> _Problem description_
Reproduce all the entries exactly and keep the pictures out.

Source records:

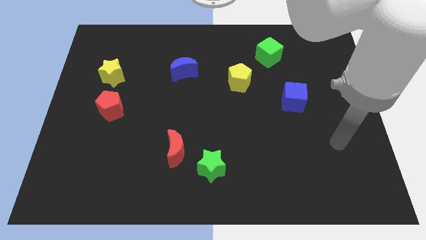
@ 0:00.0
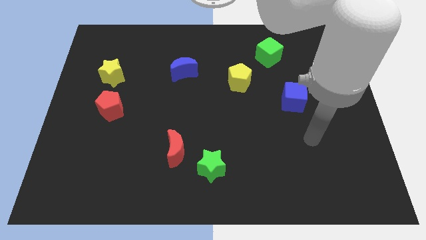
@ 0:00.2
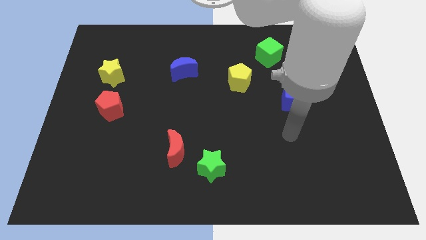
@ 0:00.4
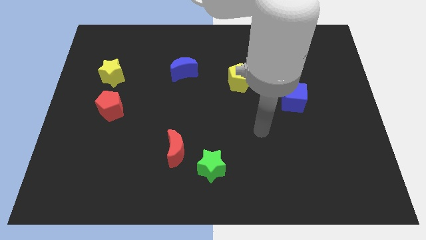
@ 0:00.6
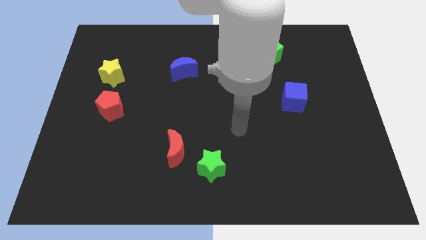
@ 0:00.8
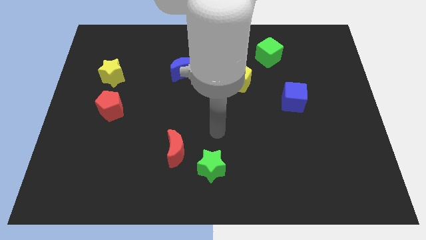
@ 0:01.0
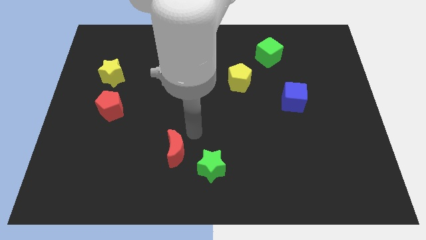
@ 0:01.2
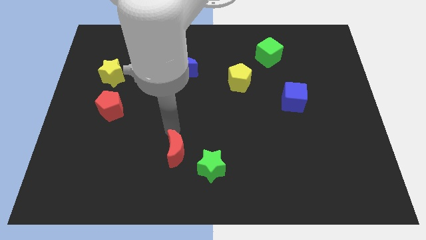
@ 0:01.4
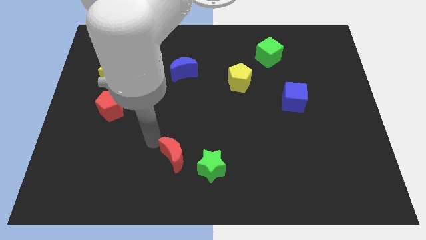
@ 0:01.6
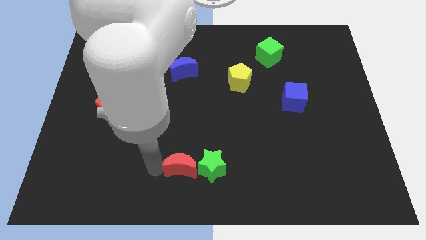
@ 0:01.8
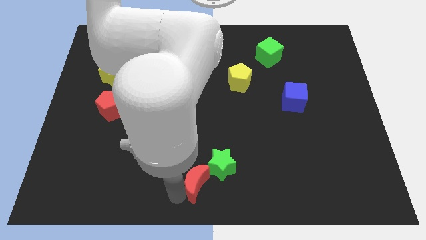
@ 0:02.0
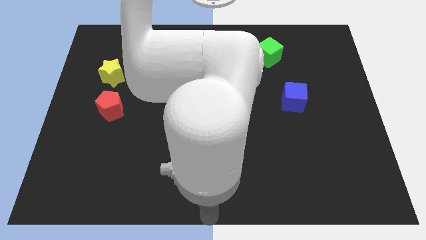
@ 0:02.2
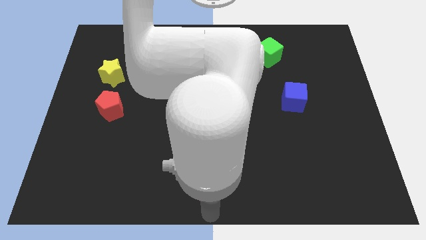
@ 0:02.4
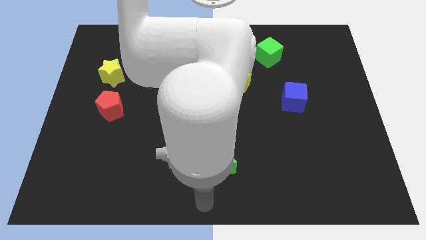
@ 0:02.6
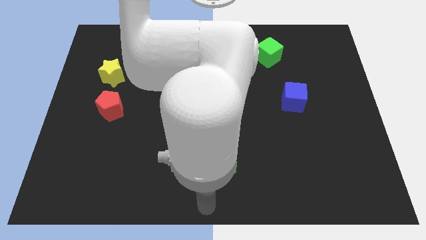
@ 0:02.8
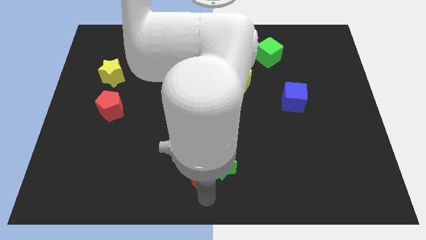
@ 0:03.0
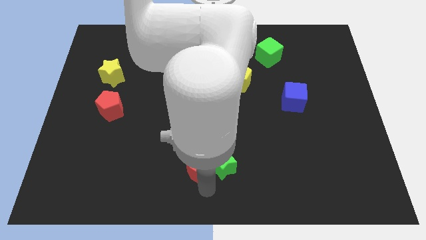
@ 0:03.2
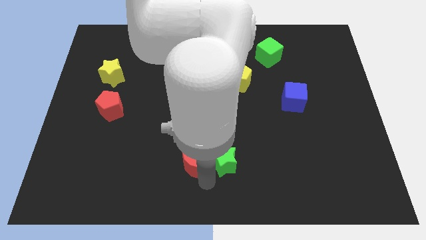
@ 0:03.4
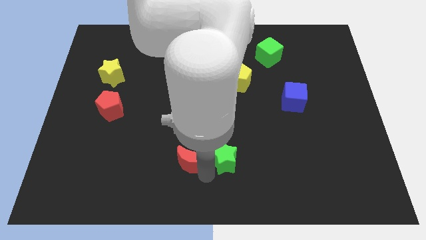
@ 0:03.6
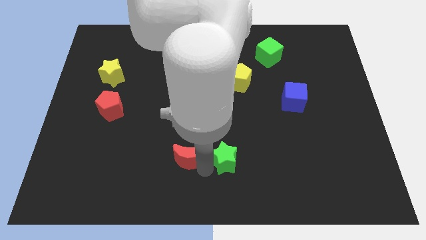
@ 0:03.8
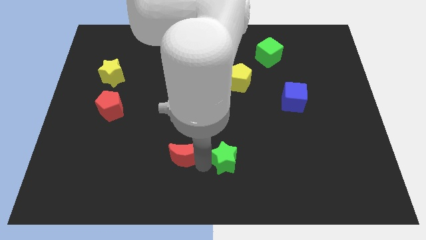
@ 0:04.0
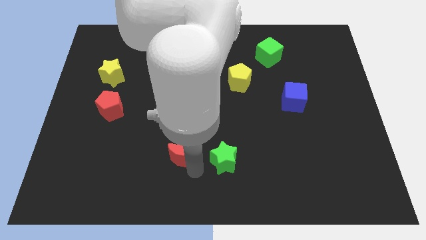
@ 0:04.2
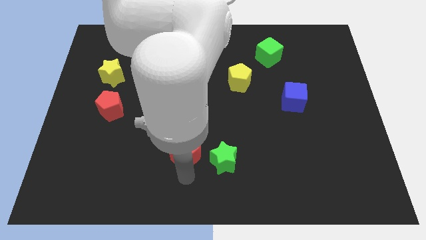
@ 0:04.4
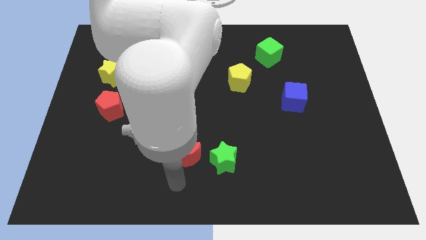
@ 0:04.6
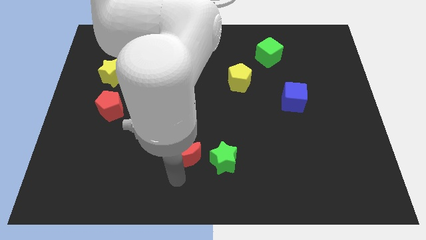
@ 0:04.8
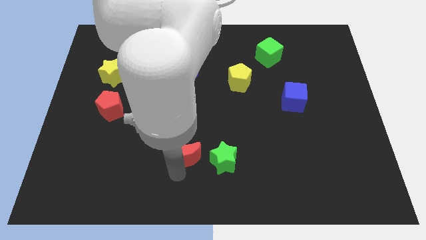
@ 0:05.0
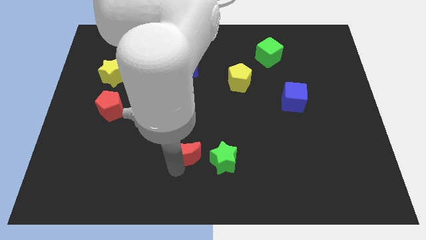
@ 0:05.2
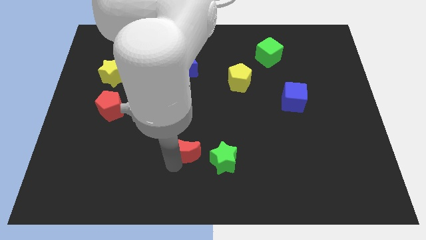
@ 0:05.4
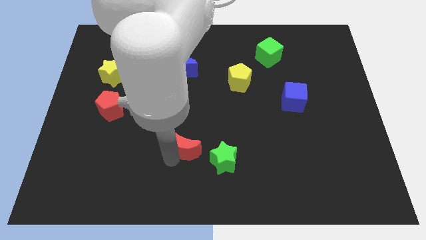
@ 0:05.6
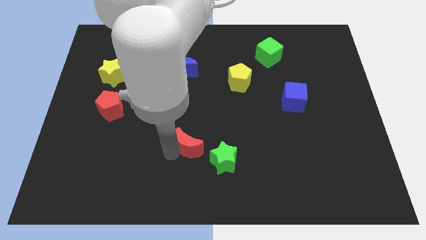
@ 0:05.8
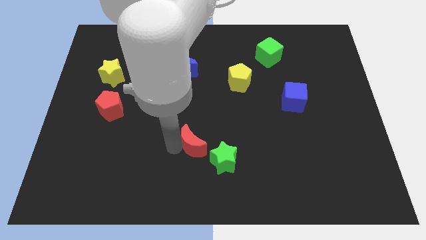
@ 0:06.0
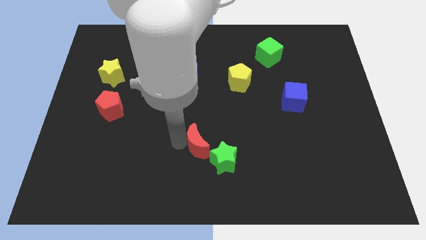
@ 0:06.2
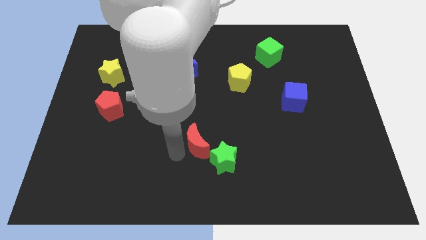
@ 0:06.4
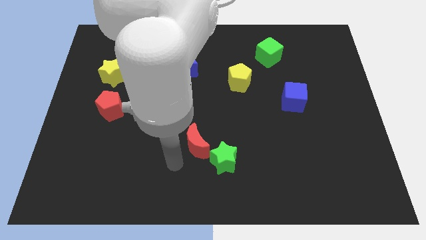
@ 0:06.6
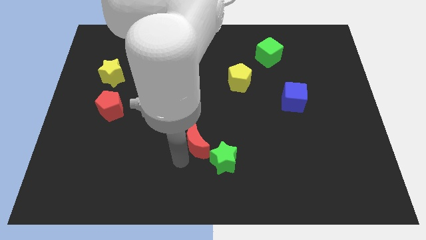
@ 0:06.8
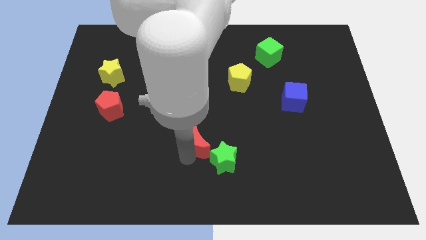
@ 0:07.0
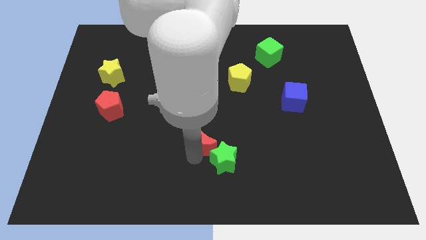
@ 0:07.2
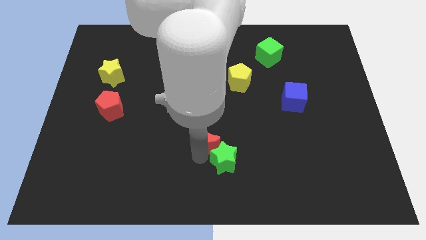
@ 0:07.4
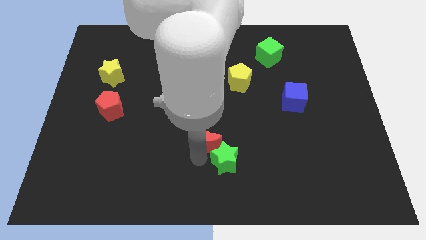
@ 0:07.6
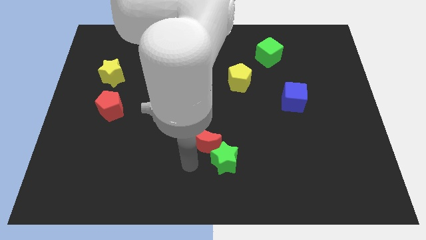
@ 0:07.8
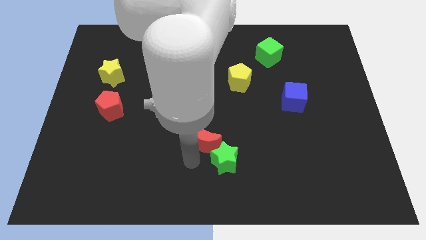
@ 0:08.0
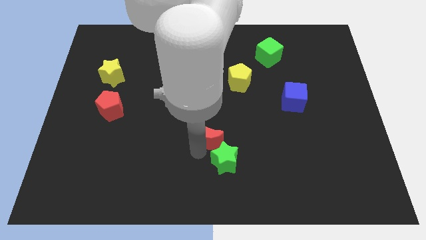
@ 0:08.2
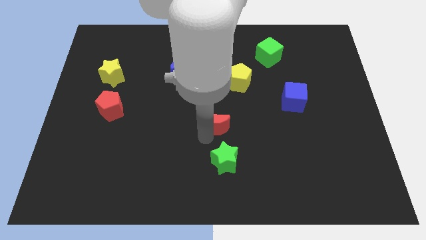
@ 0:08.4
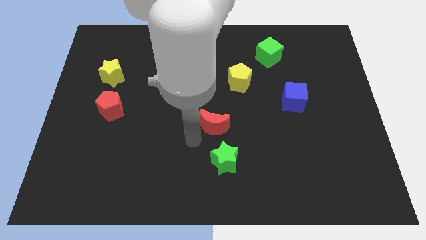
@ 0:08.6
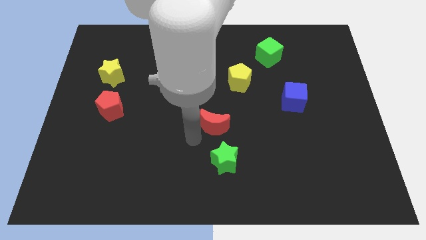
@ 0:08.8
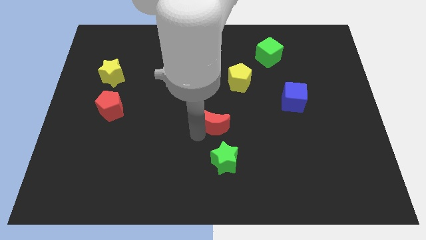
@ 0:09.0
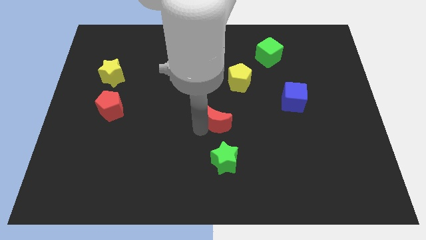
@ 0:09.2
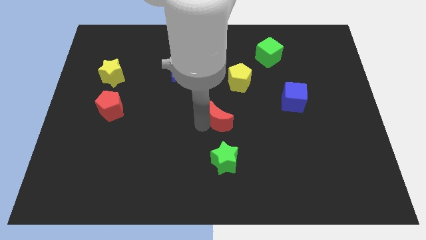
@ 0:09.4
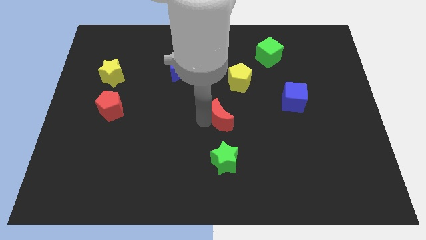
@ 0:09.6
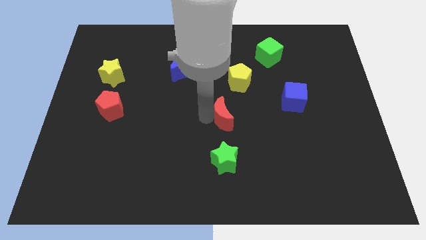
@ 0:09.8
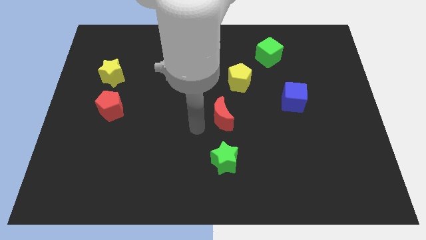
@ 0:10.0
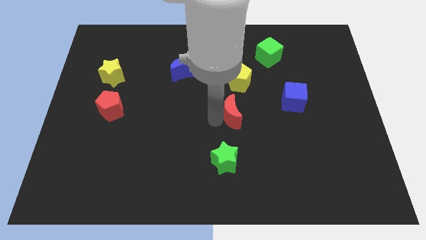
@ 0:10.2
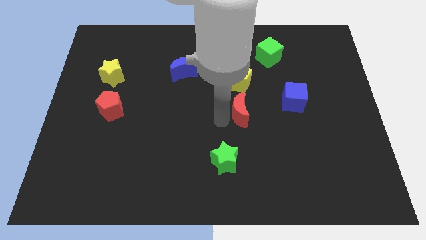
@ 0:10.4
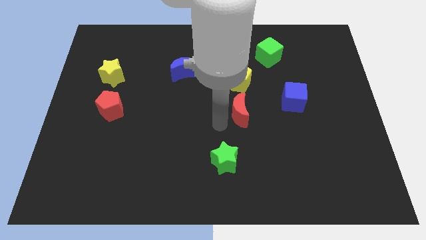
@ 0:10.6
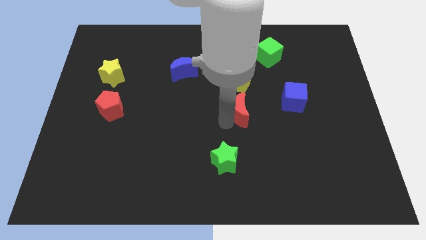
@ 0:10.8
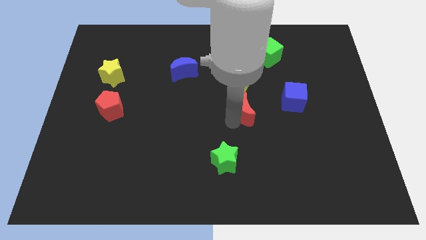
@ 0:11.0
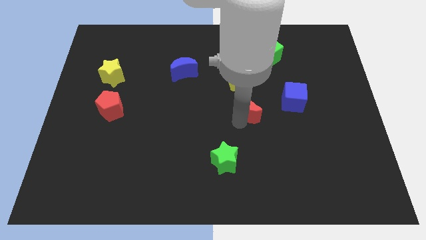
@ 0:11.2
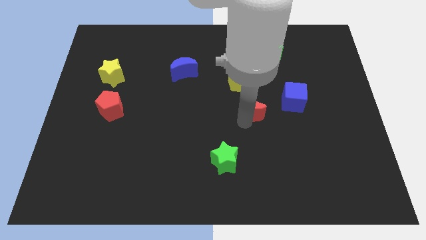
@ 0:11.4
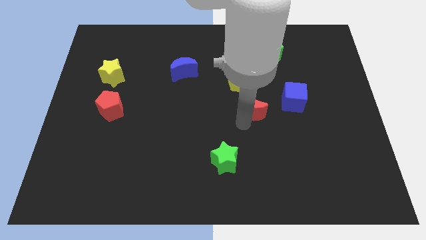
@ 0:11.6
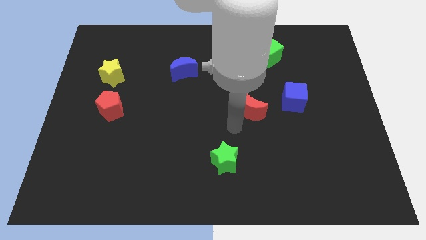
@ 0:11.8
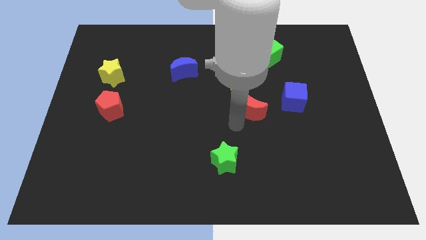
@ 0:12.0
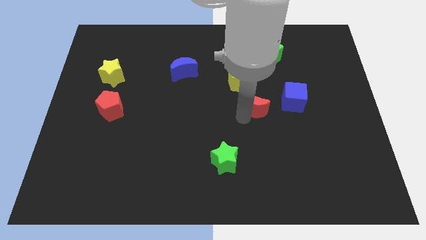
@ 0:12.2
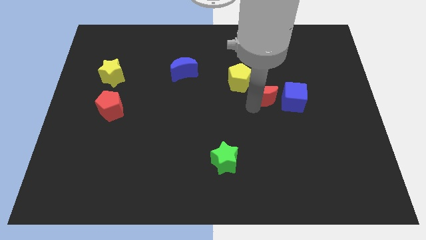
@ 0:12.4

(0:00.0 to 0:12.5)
push the red moon to the bottom side of the green cube

> _Solution to the exercise_
@ 0:00.0
@ 0:00.2
@ 0:00.4
@ 0:00.6
@ 0:00.8
@ 0:01.0
@ 0:01.2
@ 0:01.4
@ 0:01.6
@ 0:01.8
@ 0:02.0
@ 0:02.2
@ 0:02.4
@ 0:02.6
@ 0:02.8
@ 0:03.0
@ 0:03.2
@ 0:03.4
@ 0:03.6
@ 0:03.8
@ 0:04.0
@ 0:04.2
@ 0:04.4
@ 0:04.6
@ 0:04.8
@ 0:05.0
@ 0:05.2
@ 0:05.4
@ 0:05.6
@ 0:05.8
@ 0:06.0
@ 0:06.2
@ 0:06.4
@ 0:06.6
@ 0:06.8
@ 0:07.0
@ 0:07.2
@ 0:07.4
@ 0:07.6
@ 0:07.8
@ 0:08.0
@ 0:08.2
@ 0:08.4
@ 0:08.6
@ 0:08.8
@ 0:09.0
@ 0:09.2
@ 0:09.4
@ 0:09.6
@ 0:09.8
@ 0:10.0
@ 0:10.2
@ 0:10.4
@ 0:10.6
@ 0:10.8
@ 0:11.0
@ 0:11.2
@ 0:11.4
@ 0:11.6
@ 0:11.8
@ 0:12.0
@ 0:12.2
@ 0:12.4

(0:00.0 to 0:12.5)
push the red moon to the bottom side of the green cube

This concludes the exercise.